Data provided:
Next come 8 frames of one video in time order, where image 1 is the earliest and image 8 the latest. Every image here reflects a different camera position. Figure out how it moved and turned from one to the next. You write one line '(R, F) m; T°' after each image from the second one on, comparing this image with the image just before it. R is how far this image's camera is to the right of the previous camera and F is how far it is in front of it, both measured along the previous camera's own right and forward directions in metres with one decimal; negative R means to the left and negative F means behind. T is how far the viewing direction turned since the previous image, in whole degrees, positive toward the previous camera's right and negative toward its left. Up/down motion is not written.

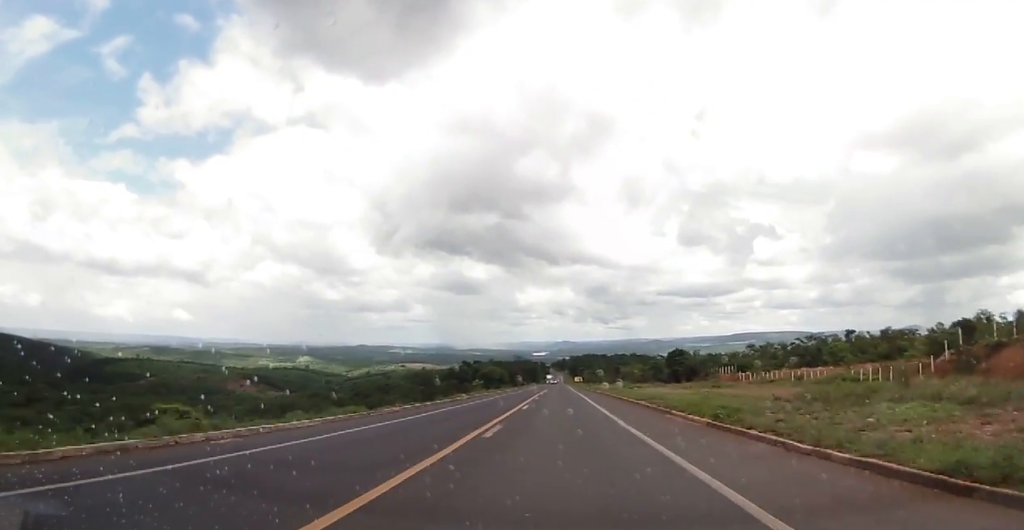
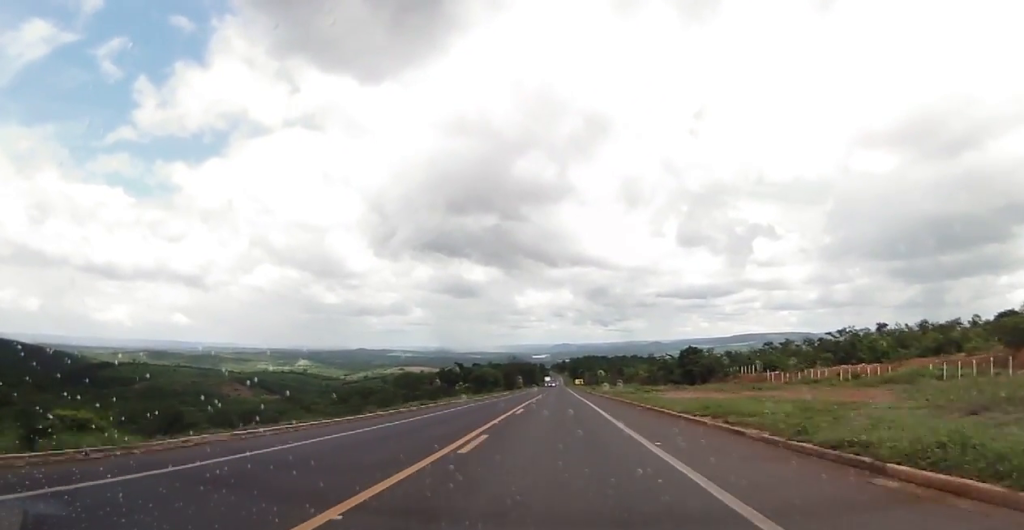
(0.0, +17.4) m; 0°
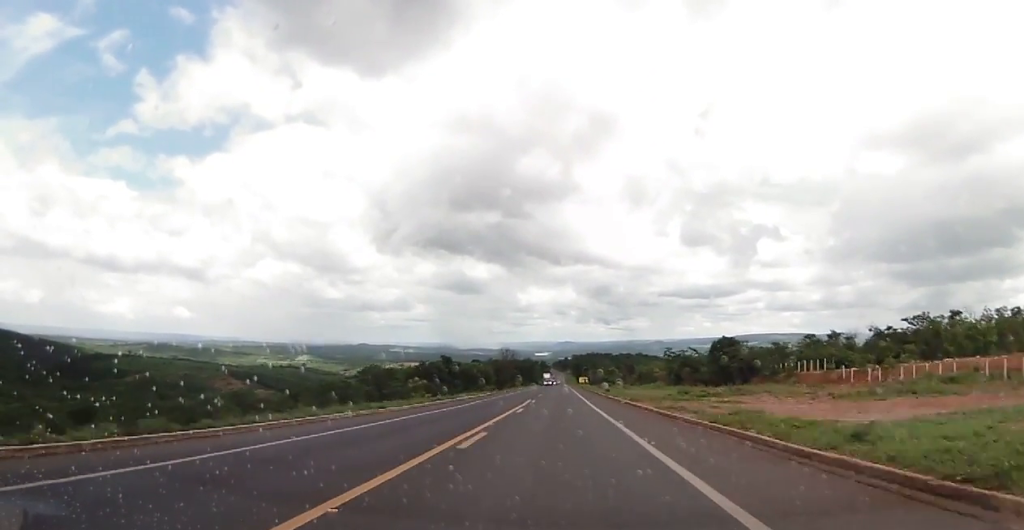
(0.0, +29.5) m; -1°
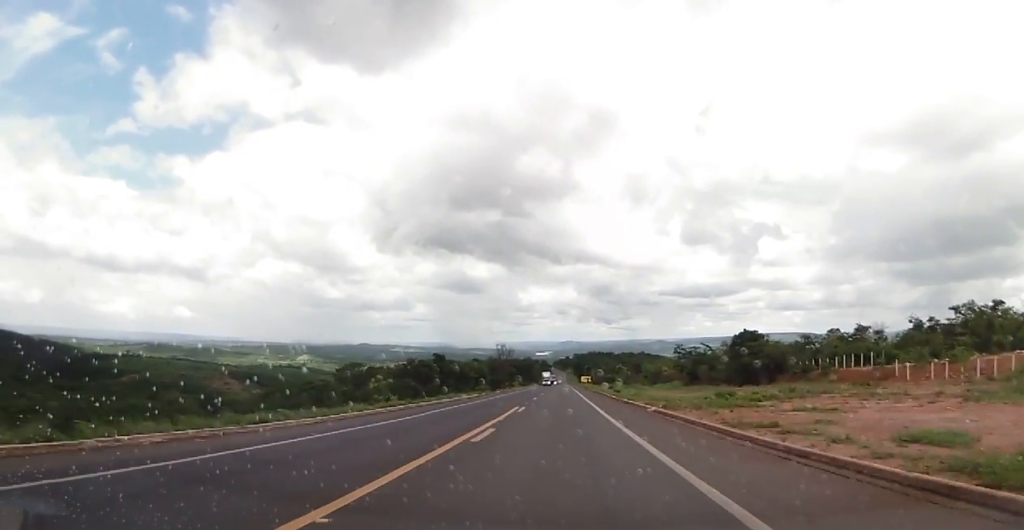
(-0.2, +13.5) m; -1°
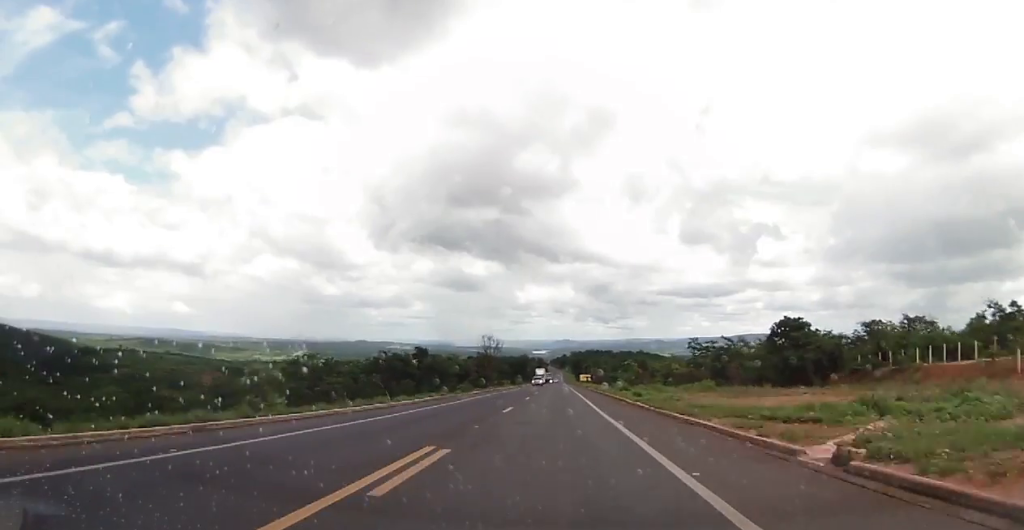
(-0.2, +20.8) m; 0°
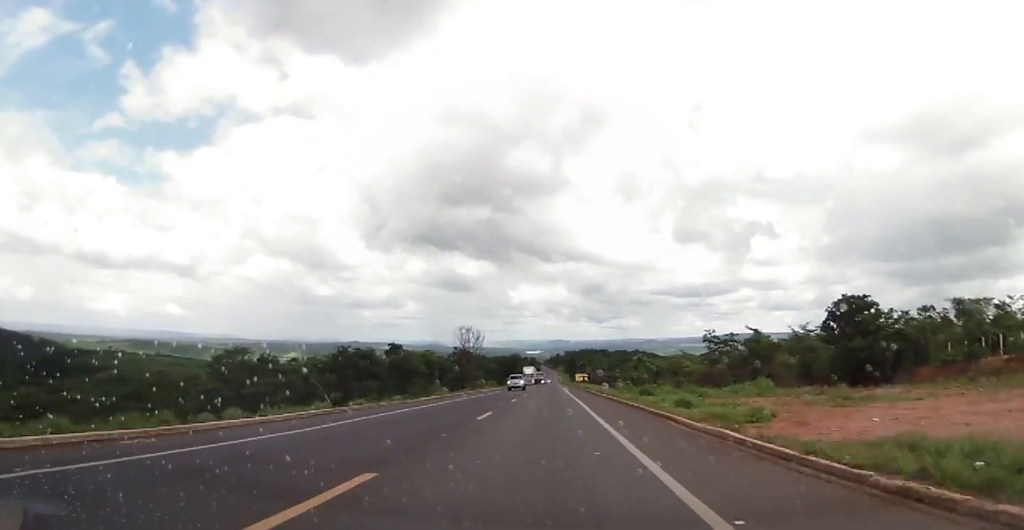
(0.0, +20.3) m; +1°
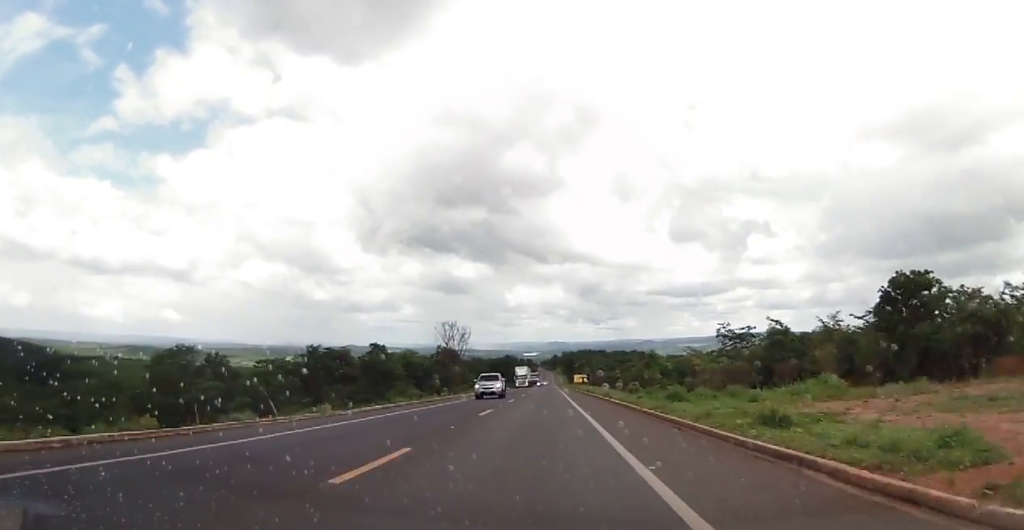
(+0.2, +12.3) m; 0°
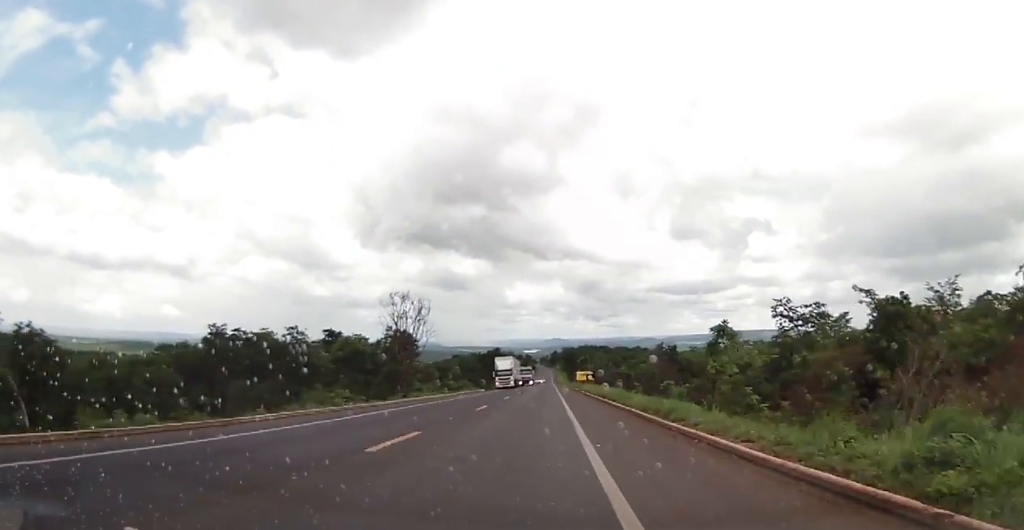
(+0.1, +28.0) m; -1°

What to work on:
Pictures must not appear in the copy, and every record must be restated word for word.

Exercise result:
Next come 8 frames of one video in time order, where image 1 is the earliest and image 8 the latest. Every image here reflects a different camera position. Figure out how it moved and turned from one to the next. You write one line '(R, F) m; T°' after each image from the second one on, comparing this image with the image just before it. R is how far this image's camera is to the right of the previous camera and F is how far it is in front of it, both measured along the previous camera's own right and forward directions in metres with one decimal; negative R means to the left and negative F means behind. T is how far the viewing direction turned since the previous image, in whole degrees, positive toward the previous camera's right and negative toward its left. Up/down motion is not written.

(0.0, +17.4) m; 0°
(0.0, +29.5) m; -1°
(-0.2, +13.5) m; -1°
(-0.2, +20.8) m; 0°
(0.0, +20.3) m; +1°
(+0.2, +12.3) m; 0°
(+0.1, +28.0) m; -1°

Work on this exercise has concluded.